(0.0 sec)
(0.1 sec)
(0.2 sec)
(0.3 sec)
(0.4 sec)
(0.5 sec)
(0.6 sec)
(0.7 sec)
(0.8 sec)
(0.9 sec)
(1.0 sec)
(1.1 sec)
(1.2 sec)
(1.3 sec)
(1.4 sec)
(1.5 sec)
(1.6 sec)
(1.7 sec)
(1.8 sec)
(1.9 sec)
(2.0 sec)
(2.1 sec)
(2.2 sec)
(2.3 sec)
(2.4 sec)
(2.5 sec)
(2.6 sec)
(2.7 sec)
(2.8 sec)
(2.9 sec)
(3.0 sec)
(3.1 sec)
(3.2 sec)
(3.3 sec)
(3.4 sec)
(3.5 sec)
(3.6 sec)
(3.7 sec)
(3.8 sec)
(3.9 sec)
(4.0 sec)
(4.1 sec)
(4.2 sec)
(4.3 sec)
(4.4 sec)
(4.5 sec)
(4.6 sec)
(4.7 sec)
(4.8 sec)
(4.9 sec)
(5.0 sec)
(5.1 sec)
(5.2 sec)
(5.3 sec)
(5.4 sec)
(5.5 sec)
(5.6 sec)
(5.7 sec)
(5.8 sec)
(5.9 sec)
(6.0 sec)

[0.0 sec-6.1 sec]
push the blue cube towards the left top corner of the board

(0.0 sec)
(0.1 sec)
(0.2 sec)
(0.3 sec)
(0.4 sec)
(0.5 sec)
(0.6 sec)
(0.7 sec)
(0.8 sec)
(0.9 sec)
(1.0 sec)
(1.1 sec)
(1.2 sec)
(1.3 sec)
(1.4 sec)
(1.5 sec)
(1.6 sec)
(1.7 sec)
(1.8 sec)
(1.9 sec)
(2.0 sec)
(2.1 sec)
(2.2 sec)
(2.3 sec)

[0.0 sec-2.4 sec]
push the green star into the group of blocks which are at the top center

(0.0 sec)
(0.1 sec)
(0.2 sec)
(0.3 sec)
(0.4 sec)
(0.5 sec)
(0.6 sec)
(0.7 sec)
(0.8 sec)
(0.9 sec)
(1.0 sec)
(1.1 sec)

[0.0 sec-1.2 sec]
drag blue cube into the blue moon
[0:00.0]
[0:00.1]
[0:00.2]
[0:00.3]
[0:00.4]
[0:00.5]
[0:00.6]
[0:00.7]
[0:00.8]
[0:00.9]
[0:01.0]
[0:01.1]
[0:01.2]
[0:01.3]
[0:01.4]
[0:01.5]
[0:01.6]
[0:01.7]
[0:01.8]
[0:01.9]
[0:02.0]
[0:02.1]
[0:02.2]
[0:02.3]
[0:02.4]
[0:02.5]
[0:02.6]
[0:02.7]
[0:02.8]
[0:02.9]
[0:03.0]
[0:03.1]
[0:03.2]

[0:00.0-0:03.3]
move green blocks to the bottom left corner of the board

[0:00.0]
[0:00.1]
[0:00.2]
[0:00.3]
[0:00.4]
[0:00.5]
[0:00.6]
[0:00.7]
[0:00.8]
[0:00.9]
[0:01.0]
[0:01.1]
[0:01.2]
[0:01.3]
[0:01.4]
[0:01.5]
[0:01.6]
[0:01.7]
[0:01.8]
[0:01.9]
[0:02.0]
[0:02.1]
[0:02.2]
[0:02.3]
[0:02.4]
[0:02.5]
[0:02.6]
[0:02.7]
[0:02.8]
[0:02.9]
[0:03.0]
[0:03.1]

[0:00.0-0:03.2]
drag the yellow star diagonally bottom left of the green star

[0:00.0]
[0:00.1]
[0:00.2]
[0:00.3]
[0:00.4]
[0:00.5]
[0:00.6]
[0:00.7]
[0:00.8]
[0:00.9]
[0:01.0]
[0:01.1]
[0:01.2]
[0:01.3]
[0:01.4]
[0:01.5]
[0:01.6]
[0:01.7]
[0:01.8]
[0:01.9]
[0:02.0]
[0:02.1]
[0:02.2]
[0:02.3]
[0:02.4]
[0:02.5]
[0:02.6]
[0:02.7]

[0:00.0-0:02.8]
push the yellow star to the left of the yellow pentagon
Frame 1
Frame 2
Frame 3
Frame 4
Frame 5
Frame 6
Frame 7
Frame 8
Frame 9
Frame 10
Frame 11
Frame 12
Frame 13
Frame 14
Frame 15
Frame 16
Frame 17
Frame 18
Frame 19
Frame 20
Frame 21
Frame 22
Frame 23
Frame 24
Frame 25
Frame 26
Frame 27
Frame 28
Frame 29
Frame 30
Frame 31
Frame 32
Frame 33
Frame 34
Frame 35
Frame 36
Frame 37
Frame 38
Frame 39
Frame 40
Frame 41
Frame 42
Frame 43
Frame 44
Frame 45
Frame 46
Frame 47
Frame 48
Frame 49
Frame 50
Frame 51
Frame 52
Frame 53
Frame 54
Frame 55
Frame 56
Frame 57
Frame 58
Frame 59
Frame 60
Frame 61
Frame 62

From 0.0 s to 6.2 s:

* [WHAT YOU ARE ASKED TO DO]
All of the records above are to be printed again exactly as they appear.

* [ANSWER SECTION]
(0.0 sec)
(0.1 sec)
(0.2 sec)
(0.3 sec)
(0.4 sec)
(0.5 sec)
(0.6 sec)
(0.7 sec)
(0.8 sec)
(0.9 sec)
(1.0 sec)
(1.1 sec)
(1.2 sec)
(1.3 sec)
(1.4 sec)
(1.5 sec)
(1.6 sec)
(1.7 sec)
(1.8 sec)
(1.9 sec)
(2.0 sec)
(2.1 sec)
(2.2 sec)
(2.3 sec)
(2.4 sec)
(2.5 sec)
(2.6 sec)
(2.7 sec)
(2.8 sec)
(2.9 sec)
(3.0 sec)
(3.1 sec)
(3.2 sec)
(3.3 sec)
(3.4 sec)
(3.5 sec)
(3.6 sec)
(3.7 sec)
(3.8 sec)
(3.9 sec)
(4.0 sec)
(4.1 sec)
(4.2 sec)
(4.3 sec)
(4.4 sec)
(4.5 sec)
(4.6 sec)
(4.7 sec)
(4.8 sec)
(4.9 sec)
(5.0 sec)
(5.1 sec)
(5.2 sec)
(5.3 sec)
(5.4 sec)
(5.5 sec)
(5.6 sec)
(5.7 sec)
(5.8 sec)
(5.9 sec)
(6.0 sec)

[0.0 sec-6.1 sec]
push the blue cube towards the left top corner of the board

(0.0 sec)
(0.1 sec)
(0.2 sec)
(0.3 sec)
(0.4 sec)
(0.5 sec)
(0.6 sec)
(0.7 sec)
(0.8 sec)
(0.9 sec)
(1.0 sec)
(1.1 sec)
(1.2 sec)
(1.3 sec)
(1.4 sec)
(1.5 sec)
(1.6 sec)
(1.7 sec)
(1.8 sec)
(1.9 sec)
(2.0 sec)
(2.1 sec)
(2.2 sec)
(2.3 sec)

[0.0 sec-2.4 sec]
push the green star into the group of blocks which are at the top center

(0.0 sec)
(0.1 sec)
(0.2 sec)
(0.3 sec)
(0.4 sec)
(0.5 sec)
(0.6 sec)
(0.7 sec)
(0.8 sec)
(0.9 sec)
(1.0 sec)
(1.1 sec)

[0.0 sec-1.2 sec]
drag blue cube into the blue moon
[0:00.0]
[0:00.1]
[0:00.2]
[0:00.3]
[0:00.4]
[0:00.5]
[0:00.6]
[0:00.7]
[0:00.8]
[0:00.9]
[0:01.0]
[0:01.1]
[0:01.2]
[0:01.3]
[0:01.4]
[0:01.5]
[0:01.6]
[0:01.7]
[0:01.8]
[0:01.9]
[0:02.0]
[0:02.1]
[0:02.2]
[0:02.3]
[0:02.4]
[0:02.5]
[0:02.6]
[0:02.7]
[0:02.8]
[0:02.9]
[0:03.0]
[0:03.1]
[0:03.2]

[0:00.0-0:03.3]
move green blocks to the bottom left corner of the board

[0:00.0]
[0:00.1]
[0:00.2]
[0:00.3]
[0:00.4]
[0:00.5]
[0:00.6]
[0:00.7]
[0:00.8]
[0:00.9]
[0:01.0]
[0:01.1]
[0:01.2]
[0:01.3]
[0:01.4]
[0:01.5]
[0:01.6]
[0:01.7]
[0:01.8]
[0:01.9]
[0:02.0]
[0:02.1]
[0:02.2]
[0:02.3]
[0:02.4]
[0:02.5]
[0:02.6]
[0:02.7]
[0:02.8]
[0:02.9]
[0:03.0]
[0:03.1]

[0:00.0-0:03.2]
drag the yellow star diagonally bottom left of the green star

[0:00.0]
[0:00.1]
[0:00.2]
[0:00.3]
[0:00.4]
[0:00.5]
[0:00.6]
[0:00.7]
[0:00.8]
[0:00.9]
[0:01.0]
[0:01.1]
[0:01.2]
[0:01.3]
[0:01.4]
[0:01.5]
[0:01.6]
[0:01.7]
[0:01.8]
[0:01.9]
[0:02.0]
[0:02.1]
[0:02.2]
[0:02.3]
[0:02.4]
[0:02.5]
[0:02.6]
[0:02.7]

[0:00.0-0:02.8]
push the yellow star to the left of the yellow pentagon
Frame 1
Frame 2
Frame 3
Frame 4
Frame 5
Frame 6
Frame 7
Frame 8
Frame 9
Frame 10
Frame 11
Frame 12
Frame 13
Frame 14
Frame 15
Frame 16
Frame 17
Frame 18
Frame 19
Frame 20
Frame 21
Frame 22
Frame 23
Frame 24
Frame 25
Frame 26
Frame 27
Frame 28
Frame 29
Frame 30
Frame 31
Frame 32
Frame 33
Frame 34
Frame 35
Frame 36
Frame 37
Frame 38
Frame 39
Frame 40
Frame 41
Frame 42
Frame 43
Frame 44
Frame 45
Frame 46
Frame 47
Frame 48
Frame 49
Frame 50
Frame 51
Frame 52
Frame 53
Frame 54
Frame 55
Frame 56
Frame 57
Frame 58
Frame 59
Frame 60
Frame 61
Frame 62

From 0.0 s to 6.2 s:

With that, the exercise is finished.